What to do. Please return the listing exactly as written, but without its pictures.

__________

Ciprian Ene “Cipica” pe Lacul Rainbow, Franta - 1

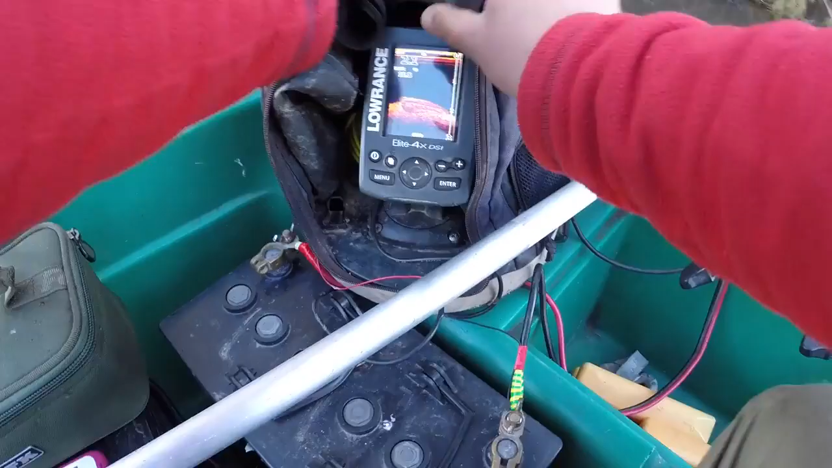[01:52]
Asta este sonarul pe care îl folosesc. O să merg un pic cu spatele ca să pot să văd exact direcția. Linia roșie este fundul lacului.
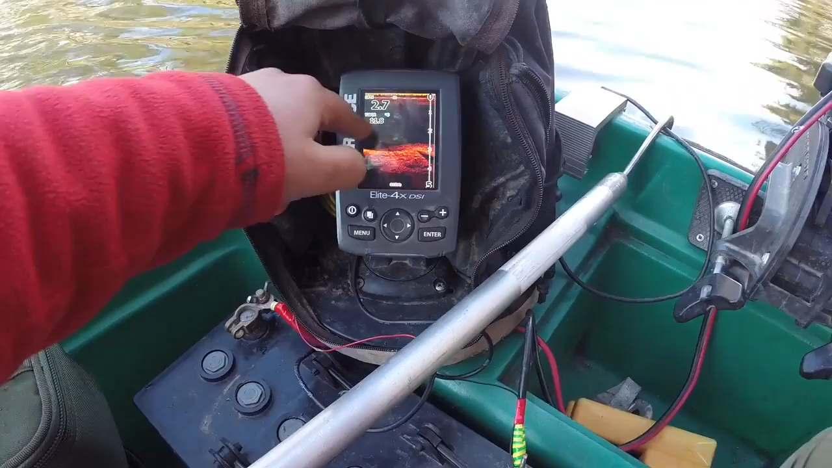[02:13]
Apa are între 2,73 m, 2,90 m acum.
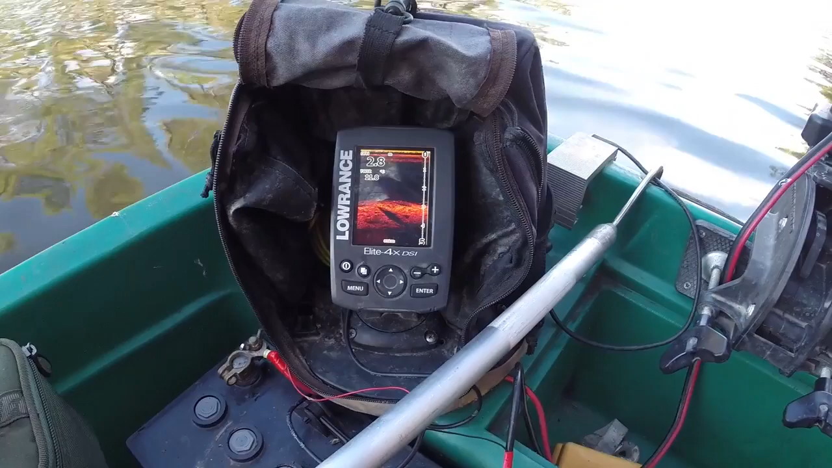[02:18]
Trecem ușor peste copac. Imediat sper să apară și pe ecranul sonarului.
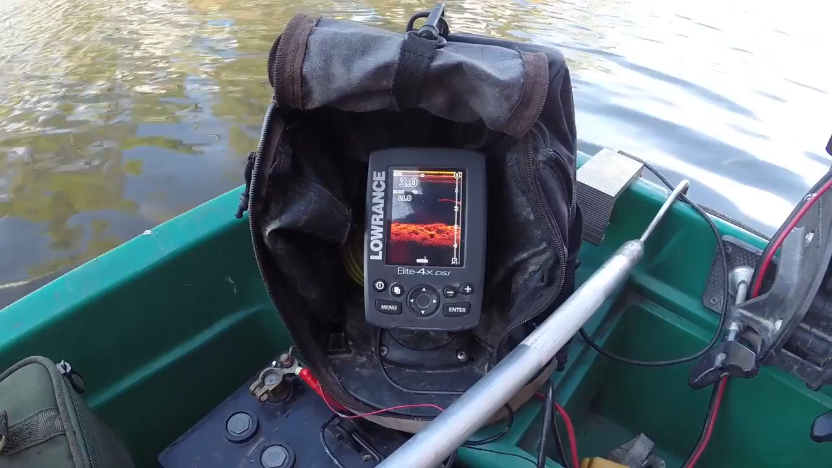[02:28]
Da, deja ce vedem aici sunt crăcile copacului, este trunchiul copacului.
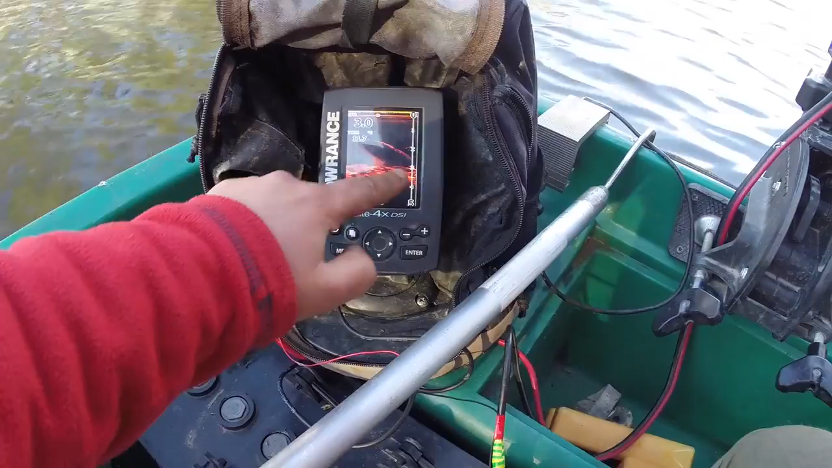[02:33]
Da, vă spuneam, este un copac aflat în întregime sub apă.
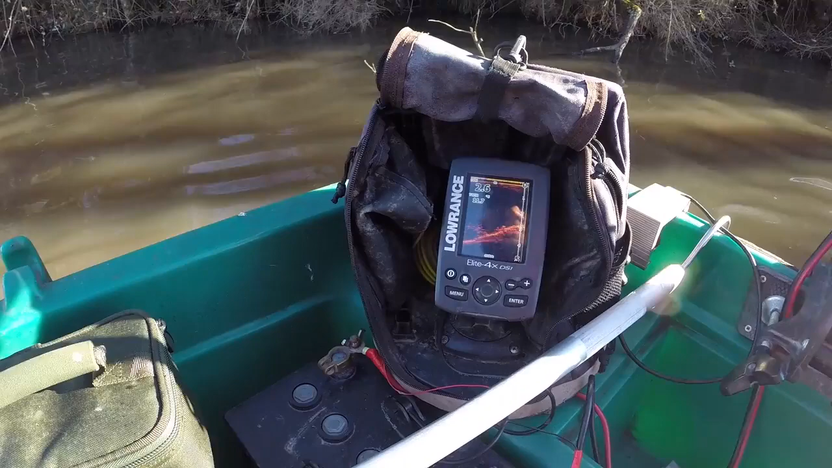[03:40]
pentru că fizic nu am putea să scoatem un pește de aici dacă am avea trăsătură.
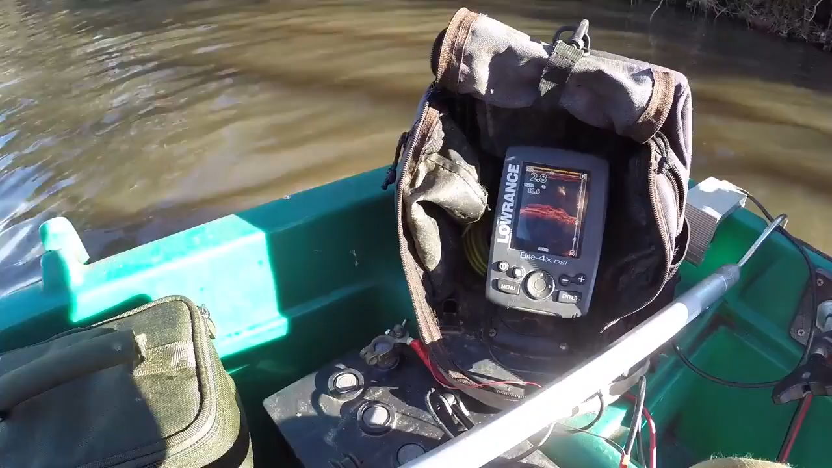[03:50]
Canalul începe cu apa adâncă de 2 metri jumate. Există o cădere, uitați pe această cădere, pe acest prag. Este plin de copaci, rădăcini,
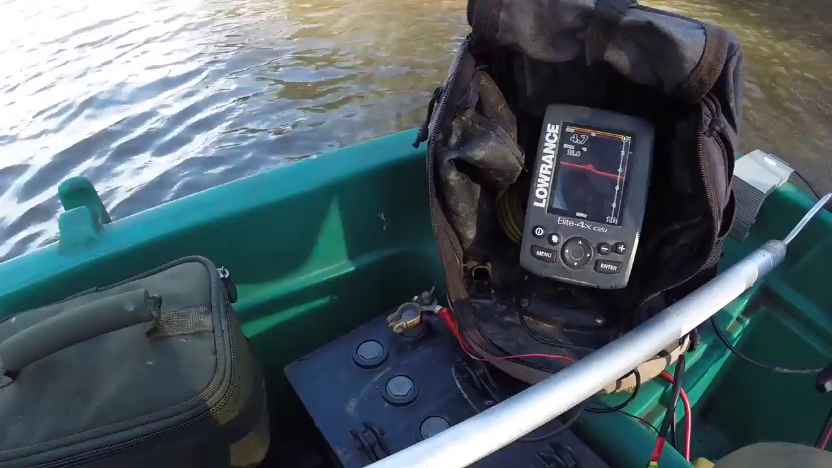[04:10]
până pe partea cealaltă a canalului, unde există de asemenea niște copaci căzuți care
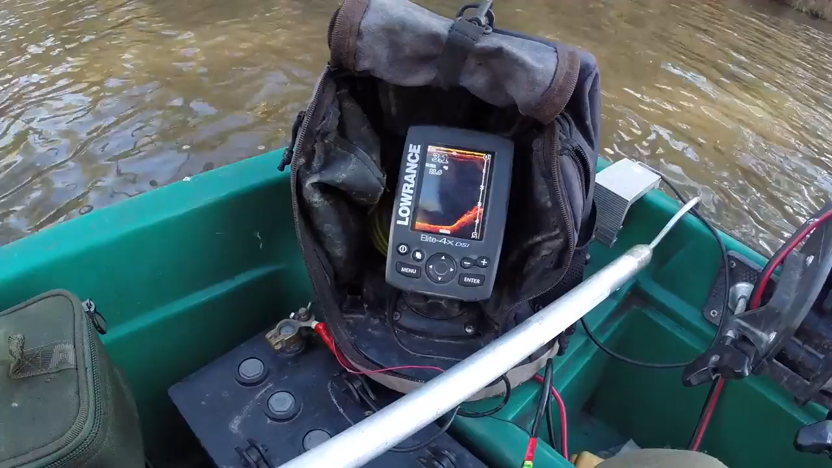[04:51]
Este pragul pe care l-am văzut mai devreme, dar în sens invers. Acum urcăm pe prag.
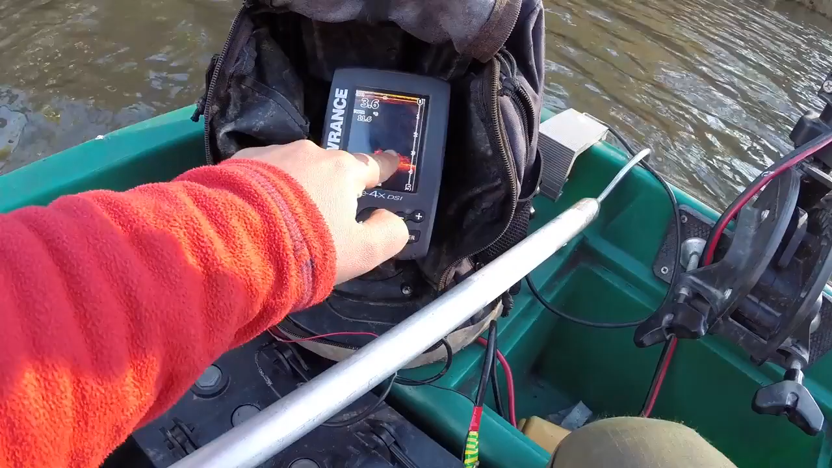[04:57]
Tot ce se vede aici sunt agățături, crengi, și
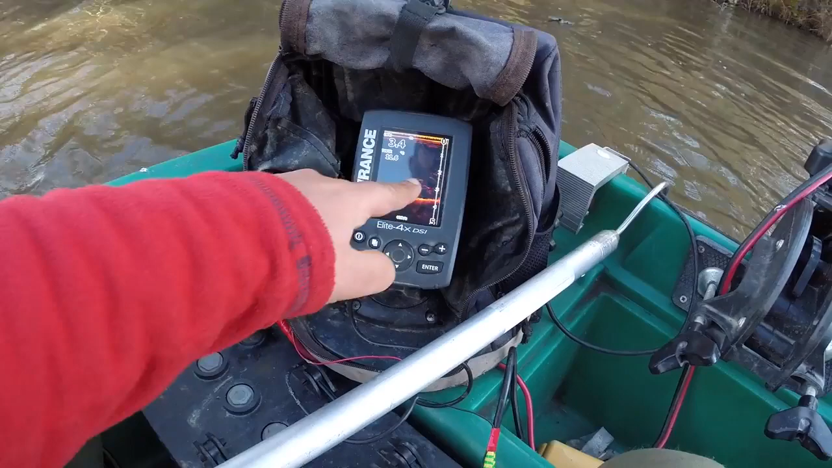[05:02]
copacul nostru în sens invers de data asta. Copacul nostru în întregime.
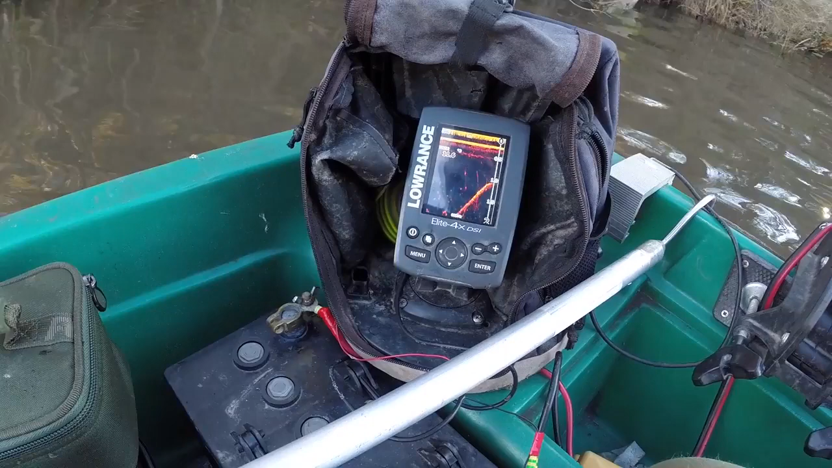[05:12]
Asta deja este trunchiul.
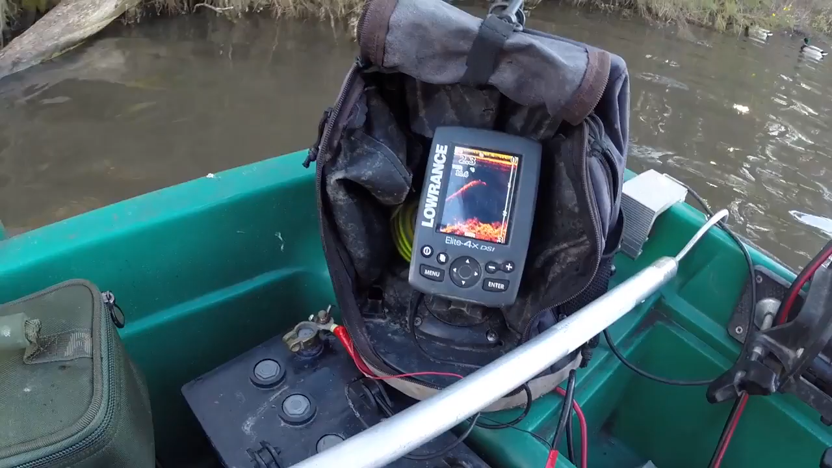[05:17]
Sonarul pe care îl folosesc nu este un sonar scump.
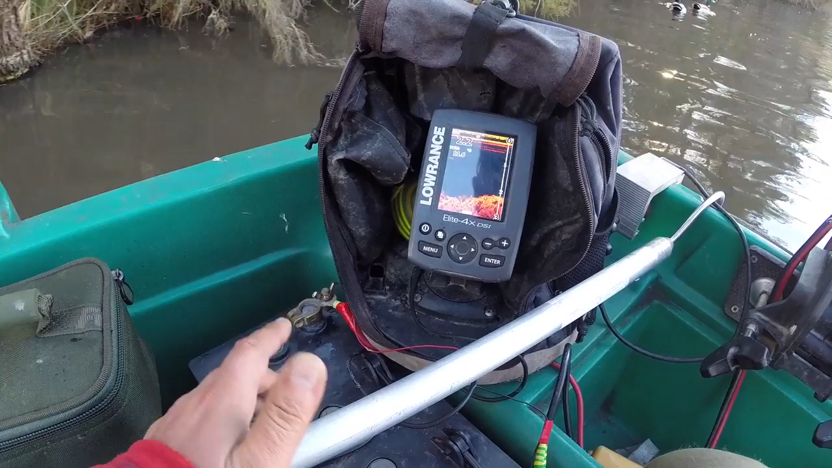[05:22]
E un sonar care costă undeva în jurul la 1000 de lei. Dar este un sonar care își face treaba foarte, foarte bine și
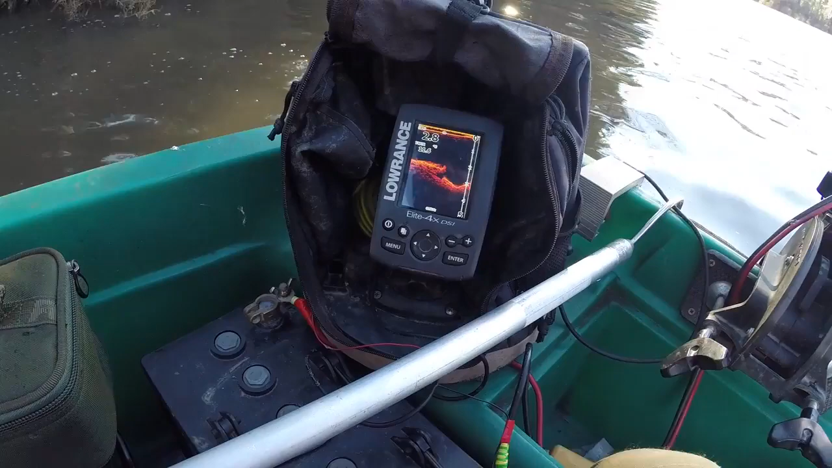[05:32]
Mă ajută extraordinar de mult atunci

__________

Output of the task.
Ciprian Ene “Cipica” pe Lacul Rainbow, Franta - 1

[01:52]
Asta este sonarul pe care îl folosesc. O să merg un pic cu spatele ca să pot să văd exact direcția. Linia roșie este fundul lacului.
[02:13]
Apa are între 2,73 m, 2,90 m acum.
[02:18]
Trecem ușor peste copac. Imediat sper să apară și pe ecranul sonarului.
[02:28]
Da, deja ce vedem aici sunt crăcile copacului, este trunchiul copacului.
[02:33]
Da, vă spuneam, este un copac aflat în întregime sub apă.
[03:40]
pentru că fizic nu am putea să scoatem un pește de aici dacă am avea trăsătură.
[03:50]
Canalul începe cu apa adâncă de 2 metri jumate. Există o cădere, uitați pe această cădere, pe acest prag. Este plin de copaci, rădăcini,
[04:10]
până pe partea cealaltă a canalului, unde există de asemenea niște copaci căzuți care
[04:51]
Este pragul pe care l-am văzut mai devreme, dar în sens invers. Acum urcăm pe prag.
[04:57]
Tot ce se vede aici sunt agățături, crengi, și
[05:02]
copacul nostru în sens invers de data asta. Copacul nostru în întregime.
[05:12]
Asta deja este trunchiul.
[05:17]
Sonarul pe care îl folosesc nu este un sonar scump.
[05:22]
E un sonar care costă undeva în jurul la 1000 de lei. Dar este un sonar care își face treaba foarte, foarte bine și
[05:32]
Mă ajută extraordinar de mult atunci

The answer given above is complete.